January 7, 2017 is the date when Yes to Cash truly morphed from “growing toward a critical mass movement” and transforming into an undertaking which really changed Norway. The Digital Change committee of the Conservative Party of Norway (the Party of the PM) launched their plan to digitalize Norway, and through their intended initiative, remove cash by the year 2030. This party intended that by 2020 electronic payments would be the standing norm of society, but still allow cash for only 10 years more.

It was literally minutes from this plan being launched when the first phone call from the media was received by Faerden. The first call was from the News hour on the national radio station.

The next couple of weeks were completely crazy, and Yes to Cash made them even more so by being very proactive wherever they could to present the underlying consequences of such a ludicrous plan for cashless society by 2030. It was then that Yes to Cash was featured several times in most widespread and regional media throughout Norway. On January 12, 2017, Faerden was invited to meet the head of the Norwegian Tax
Authorities in a direct duel debating on prime time to be broadcast on the main national television channel of Norway, NRK 1. The same morning Faerden met the national head of The Norwegian Data Protection Authority, and the head of the Digital Committee of the Conservative Party for a debate on TV2.

While all this media activity was ongoing, Yes to Cash grew even more, and many members were from the lower ranks of the political parties of Parliament. More and more people had contacted Faerden, and Faerden additionally contacted people whom he personally targeted who did not contact him. Especially leaders from regional levels where it proved to be important. After following Yes to Cash for a while, and after receiving more information directly from Faerden, almost all members of Parliament decided that removing cash was crazy!

There are many political parties in Norway, but only two blocks, simply put left and right. However, the reality in truth is that the major parties in both blocks frankly are mere globalist parties, and really hold no dividing lines at all. The Conservatives and the Social Democratic/The Workers Party are just “controlled” opposites to keep Norway more or less in a status quo. This was standard Hegelian Dialectics at work, further empowered by Ralf Dahrendorf’s Theory of Social Differentiation and Elite Theory. A great study for those who don’t know how the “Globalists” think.

Interestingly, among the major support groups necessary for the globalists to be able to form a government is The Progressive Party for the Conservatives, and The Farmers Party for the Workers Party. Strangely enough, these two supporting parties are NOT globalist parties, and this fact allows for Norway to be more independent than it might have been if it were not for these two parties. They in turn manage to balance out the globalists far left initiatives, and help to keep a more truly independent government in Norway. Wherein, the globalists are the ones who most want cash to be completely removed from society.

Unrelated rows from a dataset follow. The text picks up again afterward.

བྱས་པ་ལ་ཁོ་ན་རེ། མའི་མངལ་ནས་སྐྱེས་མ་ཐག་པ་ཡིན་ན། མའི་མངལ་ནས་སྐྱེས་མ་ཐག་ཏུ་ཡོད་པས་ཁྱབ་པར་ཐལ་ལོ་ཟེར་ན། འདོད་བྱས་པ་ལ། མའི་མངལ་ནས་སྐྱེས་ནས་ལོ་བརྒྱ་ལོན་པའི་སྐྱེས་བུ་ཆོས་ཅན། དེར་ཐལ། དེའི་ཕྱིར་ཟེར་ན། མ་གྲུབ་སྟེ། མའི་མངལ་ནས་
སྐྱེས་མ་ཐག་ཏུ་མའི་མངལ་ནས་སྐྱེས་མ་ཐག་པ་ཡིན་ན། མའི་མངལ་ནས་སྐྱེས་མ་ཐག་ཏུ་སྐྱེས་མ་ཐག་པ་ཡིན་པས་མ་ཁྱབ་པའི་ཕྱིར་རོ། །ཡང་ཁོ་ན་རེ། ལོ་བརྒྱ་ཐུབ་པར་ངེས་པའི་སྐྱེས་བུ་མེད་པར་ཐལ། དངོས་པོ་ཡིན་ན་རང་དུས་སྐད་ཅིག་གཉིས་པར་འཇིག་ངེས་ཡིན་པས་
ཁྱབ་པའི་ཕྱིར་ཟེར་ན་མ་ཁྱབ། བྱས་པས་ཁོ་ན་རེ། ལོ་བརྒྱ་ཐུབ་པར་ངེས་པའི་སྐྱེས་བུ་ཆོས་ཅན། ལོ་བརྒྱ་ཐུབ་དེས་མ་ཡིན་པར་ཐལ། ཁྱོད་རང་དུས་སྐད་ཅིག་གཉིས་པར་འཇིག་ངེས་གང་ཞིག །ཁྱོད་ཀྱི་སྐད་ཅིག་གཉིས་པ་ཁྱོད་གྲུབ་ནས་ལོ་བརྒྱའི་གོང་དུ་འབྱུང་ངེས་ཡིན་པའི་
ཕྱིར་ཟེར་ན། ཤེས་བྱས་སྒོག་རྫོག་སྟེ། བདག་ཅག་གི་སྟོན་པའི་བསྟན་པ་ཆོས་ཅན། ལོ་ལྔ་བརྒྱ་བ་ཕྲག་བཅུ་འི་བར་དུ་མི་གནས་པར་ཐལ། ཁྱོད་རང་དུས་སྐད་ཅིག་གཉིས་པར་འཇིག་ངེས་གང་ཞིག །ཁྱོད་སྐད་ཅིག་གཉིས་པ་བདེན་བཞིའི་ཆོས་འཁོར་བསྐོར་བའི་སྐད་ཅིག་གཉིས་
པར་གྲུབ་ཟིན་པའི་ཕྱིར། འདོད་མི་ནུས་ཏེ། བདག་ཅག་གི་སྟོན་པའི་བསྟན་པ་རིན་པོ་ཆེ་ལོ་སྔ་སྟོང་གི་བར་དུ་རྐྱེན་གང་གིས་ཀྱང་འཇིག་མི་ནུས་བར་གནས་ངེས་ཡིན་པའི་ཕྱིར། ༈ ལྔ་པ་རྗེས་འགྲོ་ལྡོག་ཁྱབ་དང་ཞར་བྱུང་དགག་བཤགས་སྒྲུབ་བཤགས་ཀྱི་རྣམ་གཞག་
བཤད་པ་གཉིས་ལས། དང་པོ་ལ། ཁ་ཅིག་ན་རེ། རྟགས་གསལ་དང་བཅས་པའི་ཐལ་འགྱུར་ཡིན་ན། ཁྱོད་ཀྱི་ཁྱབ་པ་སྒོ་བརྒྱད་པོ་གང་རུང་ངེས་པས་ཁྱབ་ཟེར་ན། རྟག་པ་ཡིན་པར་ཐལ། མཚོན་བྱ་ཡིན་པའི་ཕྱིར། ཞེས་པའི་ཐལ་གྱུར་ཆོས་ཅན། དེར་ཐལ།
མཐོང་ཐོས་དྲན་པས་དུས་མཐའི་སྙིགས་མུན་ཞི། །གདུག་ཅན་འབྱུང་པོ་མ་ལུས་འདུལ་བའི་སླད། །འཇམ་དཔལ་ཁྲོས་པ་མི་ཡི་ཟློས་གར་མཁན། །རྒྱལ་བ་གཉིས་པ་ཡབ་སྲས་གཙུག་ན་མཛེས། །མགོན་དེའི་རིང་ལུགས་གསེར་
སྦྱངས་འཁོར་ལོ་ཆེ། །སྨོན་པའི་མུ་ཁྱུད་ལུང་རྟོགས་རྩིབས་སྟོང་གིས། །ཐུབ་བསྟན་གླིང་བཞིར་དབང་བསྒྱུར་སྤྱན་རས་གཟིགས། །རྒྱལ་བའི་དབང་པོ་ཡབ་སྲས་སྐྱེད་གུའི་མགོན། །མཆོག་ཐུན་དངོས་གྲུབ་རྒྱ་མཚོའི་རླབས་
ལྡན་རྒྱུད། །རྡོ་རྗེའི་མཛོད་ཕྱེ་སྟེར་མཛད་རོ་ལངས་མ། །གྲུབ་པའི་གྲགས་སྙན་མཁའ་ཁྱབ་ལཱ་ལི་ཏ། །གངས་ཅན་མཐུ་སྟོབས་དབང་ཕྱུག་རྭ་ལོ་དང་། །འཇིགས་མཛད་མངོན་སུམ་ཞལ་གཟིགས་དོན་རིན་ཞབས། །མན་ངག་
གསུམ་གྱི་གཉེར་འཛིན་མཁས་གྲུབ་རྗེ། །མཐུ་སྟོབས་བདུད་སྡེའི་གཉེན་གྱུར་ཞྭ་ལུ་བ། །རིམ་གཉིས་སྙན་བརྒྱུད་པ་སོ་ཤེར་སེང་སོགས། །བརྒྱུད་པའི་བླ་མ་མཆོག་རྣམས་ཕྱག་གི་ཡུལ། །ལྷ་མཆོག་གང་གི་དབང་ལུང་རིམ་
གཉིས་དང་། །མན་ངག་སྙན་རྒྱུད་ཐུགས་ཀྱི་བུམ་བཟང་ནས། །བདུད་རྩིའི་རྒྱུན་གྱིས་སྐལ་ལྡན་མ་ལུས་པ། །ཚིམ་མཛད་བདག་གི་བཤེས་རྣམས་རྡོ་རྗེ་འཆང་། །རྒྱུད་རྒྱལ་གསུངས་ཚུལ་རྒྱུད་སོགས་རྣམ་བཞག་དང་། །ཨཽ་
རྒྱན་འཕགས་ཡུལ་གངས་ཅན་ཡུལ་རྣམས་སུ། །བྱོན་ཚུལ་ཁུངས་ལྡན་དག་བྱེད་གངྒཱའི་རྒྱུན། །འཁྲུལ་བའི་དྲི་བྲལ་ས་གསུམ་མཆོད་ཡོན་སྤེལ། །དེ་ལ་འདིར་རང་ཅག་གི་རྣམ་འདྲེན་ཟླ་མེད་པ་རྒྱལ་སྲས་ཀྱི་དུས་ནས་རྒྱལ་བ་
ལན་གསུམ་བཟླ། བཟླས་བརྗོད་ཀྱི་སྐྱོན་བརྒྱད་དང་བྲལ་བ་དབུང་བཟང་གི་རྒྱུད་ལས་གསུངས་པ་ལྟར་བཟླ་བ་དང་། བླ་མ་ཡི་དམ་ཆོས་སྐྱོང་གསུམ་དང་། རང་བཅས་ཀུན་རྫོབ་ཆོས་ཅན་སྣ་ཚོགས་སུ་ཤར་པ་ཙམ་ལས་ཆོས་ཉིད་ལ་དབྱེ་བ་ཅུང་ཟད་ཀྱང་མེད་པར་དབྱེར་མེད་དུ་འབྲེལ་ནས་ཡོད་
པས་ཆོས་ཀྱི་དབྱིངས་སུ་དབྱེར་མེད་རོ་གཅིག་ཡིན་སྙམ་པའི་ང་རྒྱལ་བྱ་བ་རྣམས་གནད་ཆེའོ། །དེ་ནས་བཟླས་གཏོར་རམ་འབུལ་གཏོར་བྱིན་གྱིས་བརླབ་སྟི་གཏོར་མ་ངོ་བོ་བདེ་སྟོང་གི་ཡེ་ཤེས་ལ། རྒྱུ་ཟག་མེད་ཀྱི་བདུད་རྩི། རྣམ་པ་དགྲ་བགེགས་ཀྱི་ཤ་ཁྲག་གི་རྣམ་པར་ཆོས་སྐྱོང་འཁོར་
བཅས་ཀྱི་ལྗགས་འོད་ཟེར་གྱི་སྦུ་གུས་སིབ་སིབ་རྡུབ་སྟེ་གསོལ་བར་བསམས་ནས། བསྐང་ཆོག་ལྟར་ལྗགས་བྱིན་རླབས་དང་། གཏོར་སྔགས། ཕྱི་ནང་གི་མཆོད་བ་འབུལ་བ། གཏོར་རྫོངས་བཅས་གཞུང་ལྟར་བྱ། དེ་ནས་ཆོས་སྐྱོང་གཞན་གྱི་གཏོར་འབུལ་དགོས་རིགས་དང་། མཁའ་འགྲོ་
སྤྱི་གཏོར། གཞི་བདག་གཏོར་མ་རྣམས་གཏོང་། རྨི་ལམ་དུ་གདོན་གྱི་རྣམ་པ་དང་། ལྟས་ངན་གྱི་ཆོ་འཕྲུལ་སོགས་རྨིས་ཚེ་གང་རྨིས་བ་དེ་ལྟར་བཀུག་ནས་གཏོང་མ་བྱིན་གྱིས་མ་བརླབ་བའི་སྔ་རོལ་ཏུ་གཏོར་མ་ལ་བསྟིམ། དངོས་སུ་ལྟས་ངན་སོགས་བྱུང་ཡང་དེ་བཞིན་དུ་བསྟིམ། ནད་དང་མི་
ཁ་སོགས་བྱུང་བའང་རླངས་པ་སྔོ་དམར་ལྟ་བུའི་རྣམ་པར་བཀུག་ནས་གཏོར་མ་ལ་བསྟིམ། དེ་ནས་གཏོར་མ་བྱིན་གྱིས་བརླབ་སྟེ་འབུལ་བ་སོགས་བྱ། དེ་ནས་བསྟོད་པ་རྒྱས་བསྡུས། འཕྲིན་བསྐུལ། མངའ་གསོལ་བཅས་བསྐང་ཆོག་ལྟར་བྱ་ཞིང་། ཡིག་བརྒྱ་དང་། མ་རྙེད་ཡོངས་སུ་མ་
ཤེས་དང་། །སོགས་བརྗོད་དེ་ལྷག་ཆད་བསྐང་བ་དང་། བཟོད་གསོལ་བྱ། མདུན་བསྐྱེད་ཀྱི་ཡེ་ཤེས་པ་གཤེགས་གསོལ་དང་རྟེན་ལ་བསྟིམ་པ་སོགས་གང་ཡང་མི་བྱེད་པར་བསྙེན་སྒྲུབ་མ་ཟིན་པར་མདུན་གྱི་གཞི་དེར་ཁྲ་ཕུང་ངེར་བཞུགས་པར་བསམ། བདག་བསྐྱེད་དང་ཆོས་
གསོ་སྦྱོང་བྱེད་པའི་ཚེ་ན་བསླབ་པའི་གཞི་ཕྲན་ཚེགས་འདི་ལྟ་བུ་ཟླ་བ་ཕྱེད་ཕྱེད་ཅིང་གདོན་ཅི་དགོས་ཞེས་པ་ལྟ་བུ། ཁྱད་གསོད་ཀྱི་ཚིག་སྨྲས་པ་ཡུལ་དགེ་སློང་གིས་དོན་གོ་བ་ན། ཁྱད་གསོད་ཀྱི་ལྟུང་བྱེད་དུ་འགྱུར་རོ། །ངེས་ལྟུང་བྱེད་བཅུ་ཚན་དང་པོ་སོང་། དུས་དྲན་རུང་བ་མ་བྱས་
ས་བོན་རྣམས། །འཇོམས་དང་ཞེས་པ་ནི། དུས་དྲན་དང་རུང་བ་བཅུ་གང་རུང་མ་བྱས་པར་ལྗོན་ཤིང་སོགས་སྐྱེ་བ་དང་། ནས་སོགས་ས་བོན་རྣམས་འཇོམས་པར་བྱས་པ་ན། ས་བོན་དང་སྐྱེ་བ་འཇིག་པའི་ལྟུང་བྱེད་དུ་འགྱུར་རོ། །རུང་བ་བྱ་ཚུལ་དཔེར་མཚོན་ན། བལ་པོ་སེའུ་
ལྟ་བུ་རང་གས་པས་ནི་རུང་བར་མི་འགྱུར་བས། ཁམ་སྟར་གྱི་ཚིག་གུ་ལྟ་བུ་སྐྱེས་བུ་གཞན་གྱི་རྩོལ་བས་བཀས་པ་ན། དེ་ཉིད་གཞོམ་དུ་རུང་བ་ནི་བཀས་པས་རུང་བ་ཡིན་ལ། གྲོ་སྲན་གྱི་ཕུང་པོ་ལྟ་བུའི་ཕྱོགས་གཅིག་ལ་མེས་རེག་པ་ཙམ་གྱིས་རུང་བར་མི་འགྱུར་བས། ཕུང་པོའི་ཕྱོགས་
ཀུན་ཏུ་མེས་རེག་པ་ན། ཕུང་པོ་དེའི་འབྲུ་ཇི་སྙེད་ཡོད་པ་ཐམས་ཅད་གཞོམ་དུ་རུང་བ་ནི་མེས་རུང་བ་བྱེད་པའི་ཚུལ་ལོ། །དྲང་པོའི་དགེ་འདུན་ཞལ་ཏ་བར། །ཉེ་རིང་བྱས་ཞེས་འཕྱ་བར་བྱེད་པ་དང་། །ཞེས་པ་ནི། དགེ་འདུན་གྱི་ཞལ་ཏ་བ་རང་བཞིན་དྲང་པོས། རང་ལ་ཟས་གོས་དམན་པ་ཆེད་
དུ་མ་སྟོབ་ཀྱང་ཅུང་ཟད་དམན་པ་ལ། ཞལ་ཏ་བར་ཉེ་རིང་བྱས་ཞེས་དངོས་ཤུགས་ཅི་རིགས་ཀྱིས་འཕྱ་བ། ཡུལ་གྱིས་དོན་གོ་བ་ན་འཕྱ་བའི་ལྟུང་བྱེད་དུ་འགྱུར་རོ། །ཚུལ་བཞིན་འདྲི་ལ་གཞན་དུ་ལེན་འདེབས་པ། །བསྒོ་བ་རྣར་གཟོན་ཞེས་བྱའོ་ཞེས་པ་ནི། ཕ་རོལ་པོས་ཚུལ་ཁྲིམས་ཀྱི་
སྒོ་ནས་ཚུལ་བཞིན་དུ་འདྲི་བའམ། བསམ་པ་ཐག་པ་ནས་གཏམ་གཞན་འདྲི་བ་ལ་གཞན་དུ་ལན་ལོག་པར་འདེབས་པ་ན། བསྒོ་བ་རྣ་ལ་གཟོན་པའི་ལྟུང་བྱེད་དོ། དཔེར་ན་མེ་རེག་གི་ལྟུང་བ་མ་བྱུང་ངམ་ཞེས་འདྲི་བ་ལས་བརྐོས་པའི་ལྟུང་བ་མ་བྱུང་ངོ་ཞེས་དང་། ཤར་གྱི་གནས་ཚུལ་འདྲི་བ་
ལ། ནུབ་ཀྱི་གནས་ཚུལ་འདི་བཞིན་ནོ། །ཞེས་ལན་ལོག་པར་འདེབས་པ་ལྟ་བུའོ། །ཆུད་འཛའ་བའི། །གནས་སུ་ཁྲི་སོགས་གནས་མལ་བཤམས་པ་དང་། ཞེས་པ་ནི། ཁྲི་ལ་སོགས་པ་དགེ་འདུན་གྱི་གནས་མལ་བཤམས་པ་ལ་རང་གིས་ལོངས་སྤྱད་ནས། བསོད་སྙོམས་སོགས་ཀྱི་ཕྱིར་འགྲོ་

One day the former organizational leader of The Farmer’s Party contacted Faerden, and the push in Parliament was then instigated. Faerden was personally invited to speak with them, and over time, together with a former banker who is a member of Yes to Cash built an informative tool for them, which they then introduced to Parliament.

It will be a Parliamentary election in Norway in 2017, on 9/11. Elections which may bring Norway a new government are held every 4 years, and in the months before the election, all the political parties have their national gatherings where their individual leadership, meet together with their regional people. It is then when each party decides their program for the next 4 years, should they be elected.

The former organizational leader, along with several other politicians from the Farmer’s Party had been silent members of the Yes to Cash Facebook group for quite some time now. It was during this silence when he then contacted Faerden, and used it for all that it was worth knowing full well that the strongest opponent of Farmer’s Party is the Conservative Party. He told them that this would be their chance to show the Prime Minister who’s right, and even more, to begin a new mêlée, like the battle over the European Union. After that the Farmer’s Party and Yes to Cash have been working side by side, even though Yes to Cash is a adamantly a neutral player when it comes to party politics. Only one topic counts, and all that support cash will get a lot of goodwill from the proponents of Yes to Cash.

After Yes to Cash grew beyond 30,000 members, and as it continues to grow, it became very clear that the politicians truly started to fear them pursuant to their 2030 cashless society agenda. One by one, privately within their national gatherings, the political parties began to change their party programs. Yes to Cash created a storm against each one of them, but a very polite one, and it earned its right to be taken very seriously today. Click here <><>for ongoing Yes-To-Cash Media Coverage.

As it turned out in regard to the regional politicians of Norway, most of them have now become members of the Yes to Cash movement which forced their leaders to change. Even the Prime Minister lost the battle to promote a cashless society in Norway. The Conservative Party has also included Yes to Cash in their standing program now. Indeed, the banks have lost this round, and there will be no removal of cash from society in Norway by 2020.

On June 14, 2017, the Financial Committee of the Parliament will debate 8 suggestions from The Farmer’s Party / Yes to Cash implying that banks will be forced to take cash back in the banks again. The Parliament will have to decide on a new legal framework, etc. this coming June 21st.

Yes to Cash has written and communicated for quite some time that a “NO to Cash” from any political party means that they are saying NO to freedom and liberty, and Yes to Cash has thoroughly explained the reasons why. Can they live with that right before a new election?

Yes to Cash is truly a story of David vs. Goliath, and has caused 2017 to be a very special year for the advocacy freedom not just in Norway, but to be a shining light upon a hill, and a beacon of hope in standing testimony that YES…one person can truly make a difference!